▶ [WORK TO BE COMPLETED]
Each line from the one containing "The person turns." to the last line of the listing below must be reproduced exactly, and nothing more.

--------

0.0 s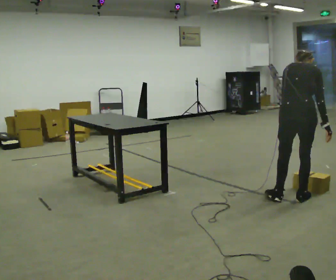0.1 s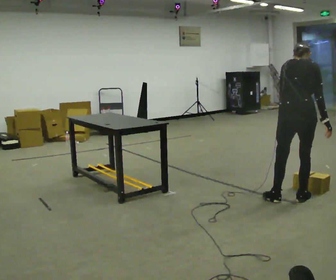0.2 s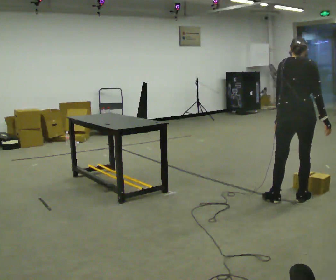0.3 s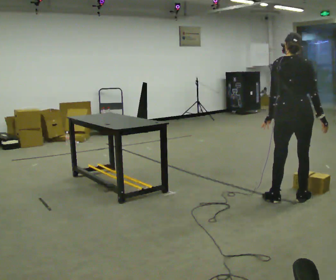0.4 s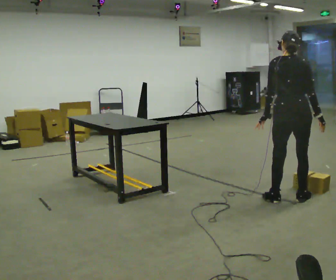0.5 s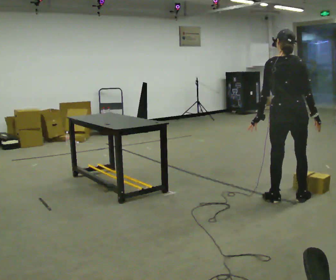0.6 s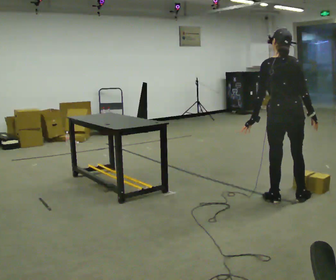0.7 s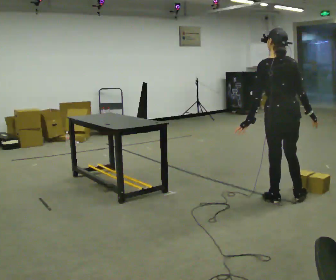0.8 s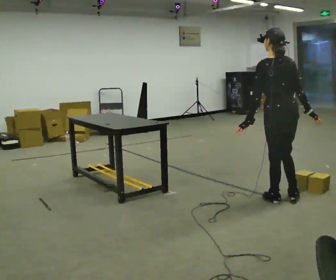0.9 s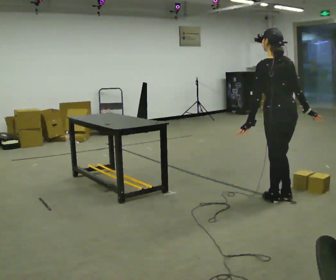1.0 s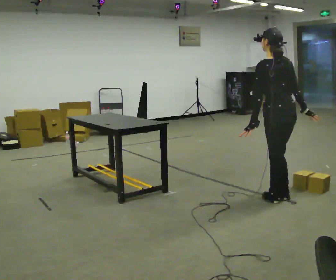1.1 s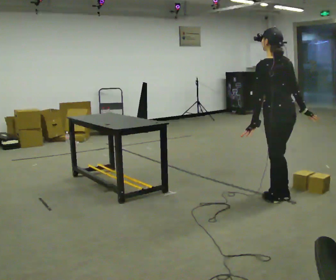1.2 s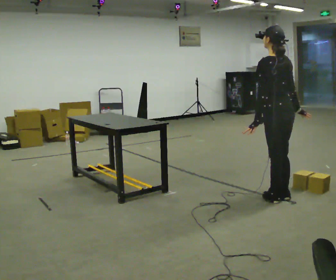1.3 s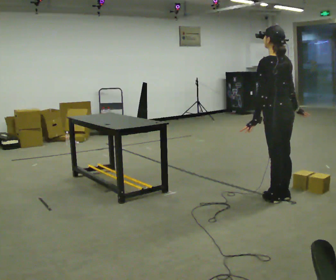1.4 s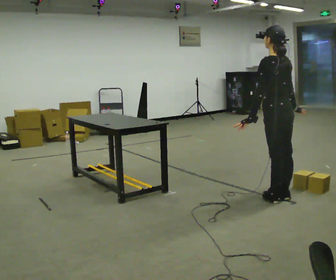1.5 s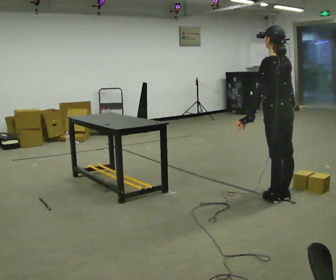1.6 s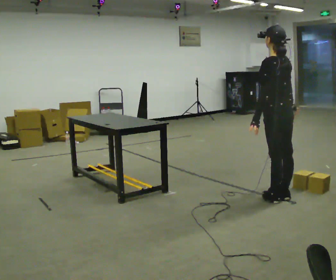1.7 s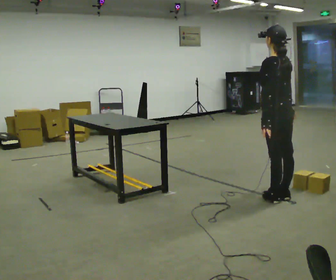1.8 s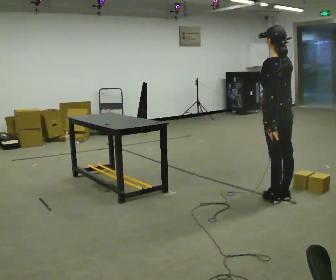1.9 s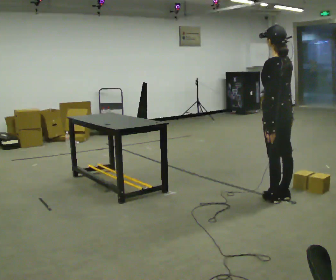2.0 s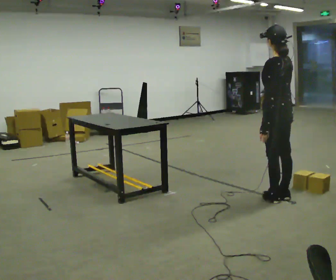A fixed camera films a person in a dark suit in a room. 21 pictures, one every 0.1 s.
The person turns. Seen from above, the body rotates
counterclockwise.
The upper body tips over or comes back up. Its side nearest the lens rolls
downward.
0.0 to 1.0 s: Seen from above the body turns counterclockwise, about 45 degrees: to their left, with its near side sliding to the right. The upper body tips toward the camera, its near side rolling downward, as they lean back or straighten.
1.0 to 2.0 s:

--------

▶ [TASK OUTPUT]
The person turns. Seen from above, the body rotates
counterclockwise.
The upper body tips over or comes back up. Its side nearest the lens rolls
downward.
0.0 to 1.0 s: Seen from above the body turns counterclockwise, about 45 degrees: to their left, with its near side sliding to the right. The upper body tips toward the camera, its near side rolling downward, as they lean back or straighten.
1.0 to 2.0 s:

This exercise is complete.